マリーは私を安心させるように、もう一度抱きしめてくれた。


その後、湯あみを手伝ってもらい、ベッドで添い寝までしてくれた。マリーが隣にいることで安心し、すぐに眠りにつくことができた。


少し気持ちを切り替えることができた私は再び勉強に打ち込むことができた。


マリーは皇后陛下に直接面会を取り付け、これまでのダレル殿下の様子について直談判してくれたらしい。一歩間違えれば直子であるダレル殿下に苦言を呈する侍女の口封じなど簡単に行えそうだが、皇后陛下は真摯にマリーの言葉に耳を傾けてくれたらしい。お心の広いお方だ、と改めて尊敬する。

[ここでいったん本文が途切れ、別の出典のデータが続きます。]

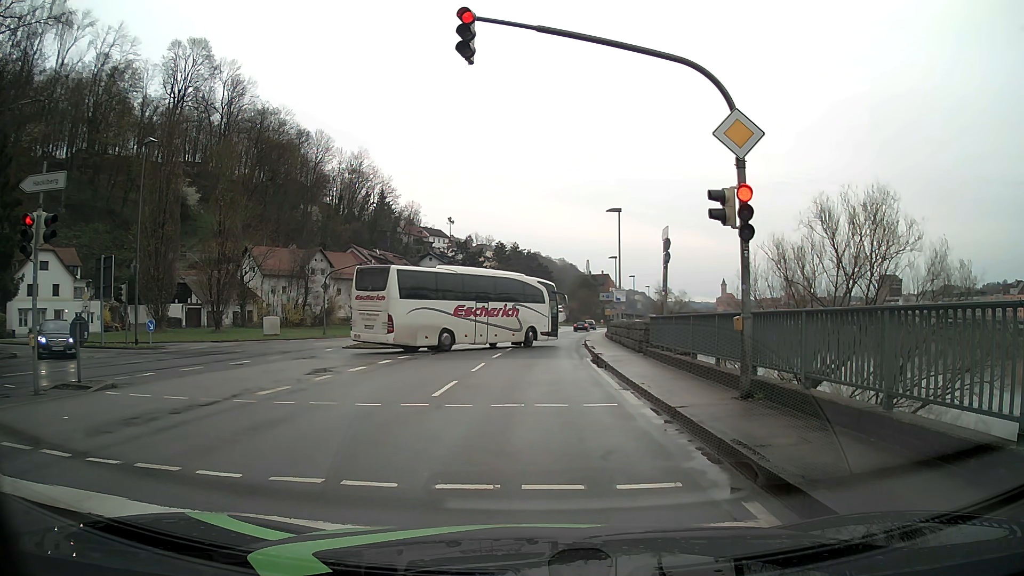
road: primary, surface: asphalt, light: Day
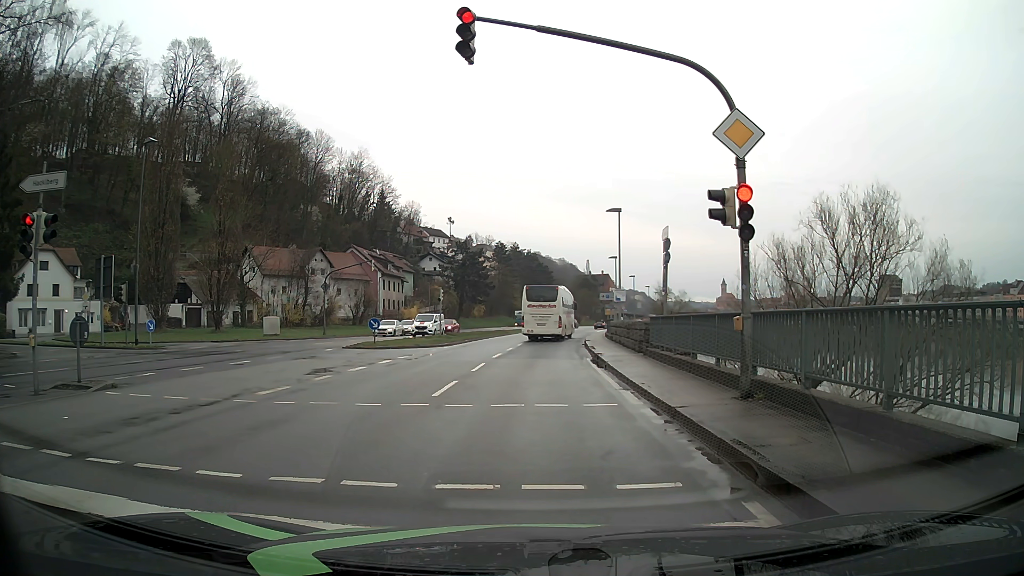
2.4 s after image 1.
(0.0, 0.0) m; 0°
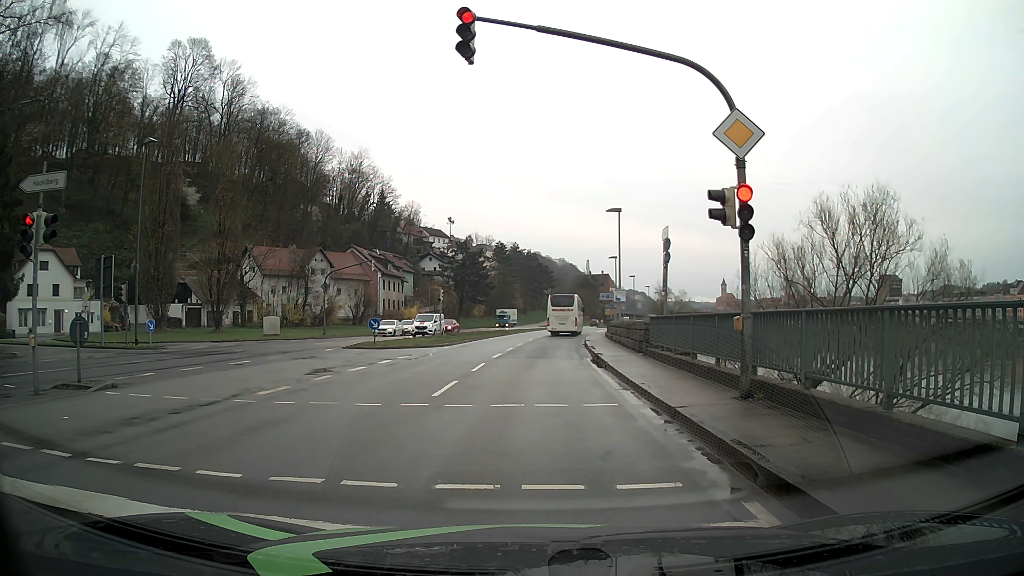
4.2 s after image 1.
(0.0, 0.0) m; 0°
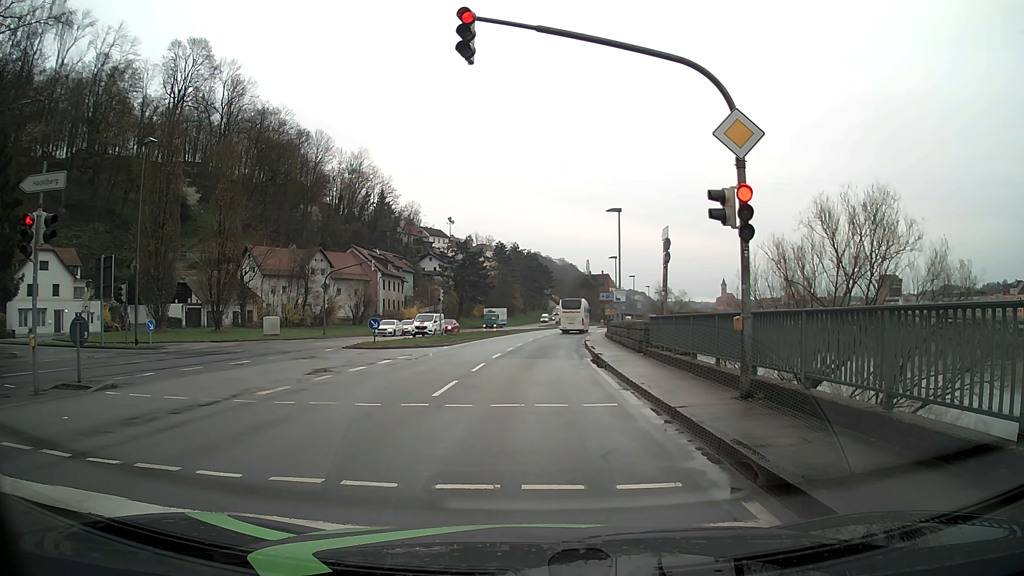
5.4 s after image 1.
(0.0, 0.0) m; 0°
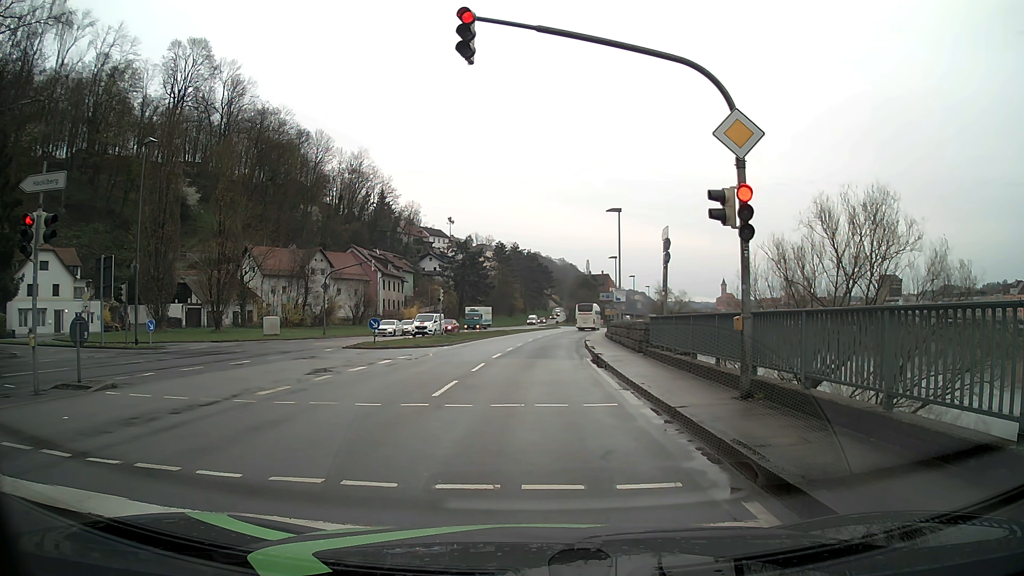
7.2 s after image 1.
(0.0, 0.0) m; 0°
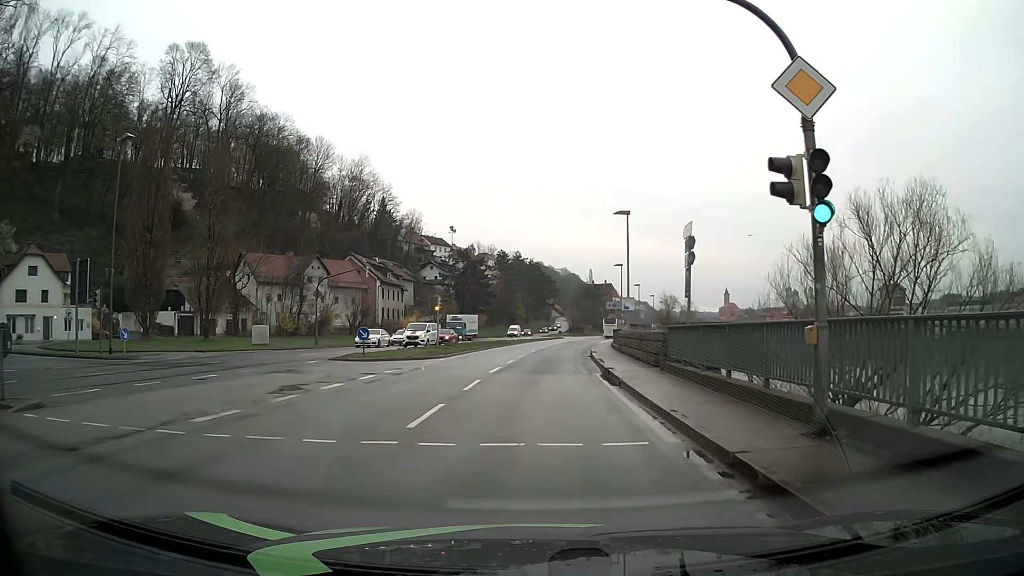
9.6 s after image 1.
(0.0, +3.0) m; 0°
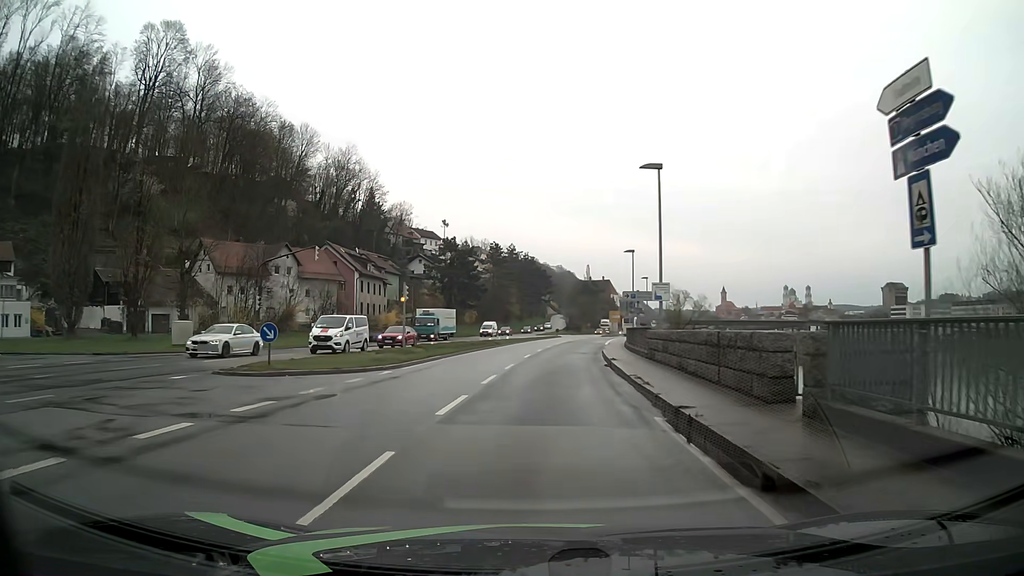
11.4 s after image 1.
(+0.1, +11.5) m; 0°
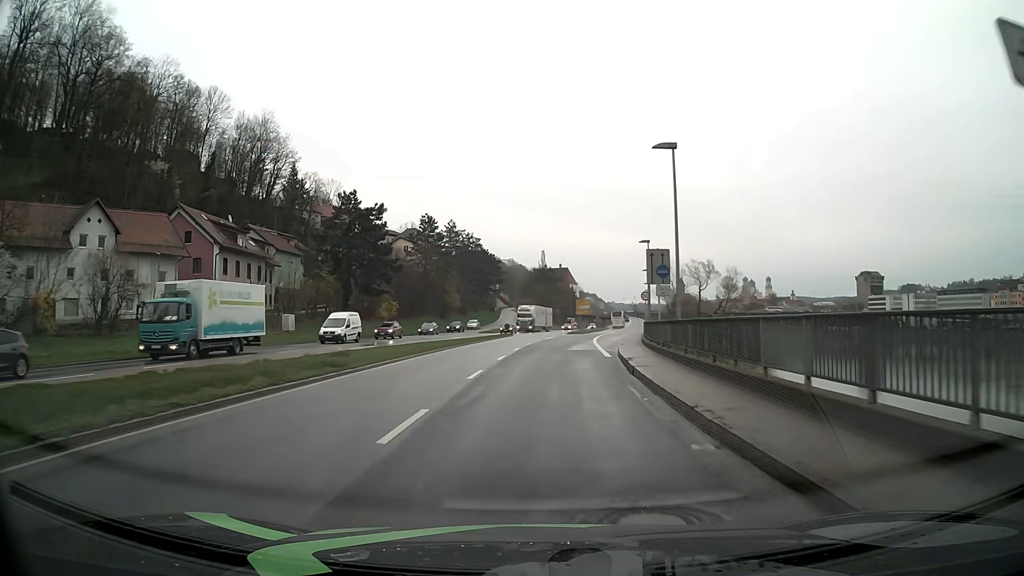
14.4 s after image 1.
(+1.5, +33.3) m; +4°
(0, +10) (0, +20) (+1, +30) (+1, +40) (+2, +50) (+3, +60) (+5, +70) (+6, +80) (+8, +89) (+10, +99) m

「皇后陛下は2年間、ダレル殿下に尽くしなさい、とおっしゃったのね?」


「はい。私はもう耐えれません、と訴えたのですが、頑なでした。皇后陛下にとっても大事な一人息子ですから大事にしたいのはわかるのですが・・・」


「うーん」


私は皇后陛下の言葉の意味を考えた。皇后陛下の言葉には何か意味があると思う。少なくとも、我が子可愛さ、ではないと思うのだ。しかし、いくら考えてもその答えは出なかった。


「とりあえず、2年間はダレル殿下に尽くします」


「正気ですか?エマ様」


「ええ。高位貴族の中には寵愛を受けない妻、というのも存在すると聞いています。それでも妻として果たすべき役割はあるでしょう。あるいは私を試しているのかもしれません」


「・・・エマ様がそうおっしゃられるなら。ですが、お辛いときはいつでもおっしゃってください。私はエマ様専属侍女です。仮にエマ様が王宮から去られる日が来ても、私はエマ様に付いていきますので」


「そこまでしなくてもいいよ。私が王宮から去るときは貴族籍から抜けるとき。きっとマリーを雇うお金はないわ。寂しいけど」


「ならば、その時のために今、お勉強しないといけませんね」


「・・・?」


「今はわからなくても結構です。が、勉強を疎かにしてはいけません。必ず役立ちますから」


最後のマリーの言葉はわからなかったが、私にできることは勉強をすること。そして将来、この国を支えることだ。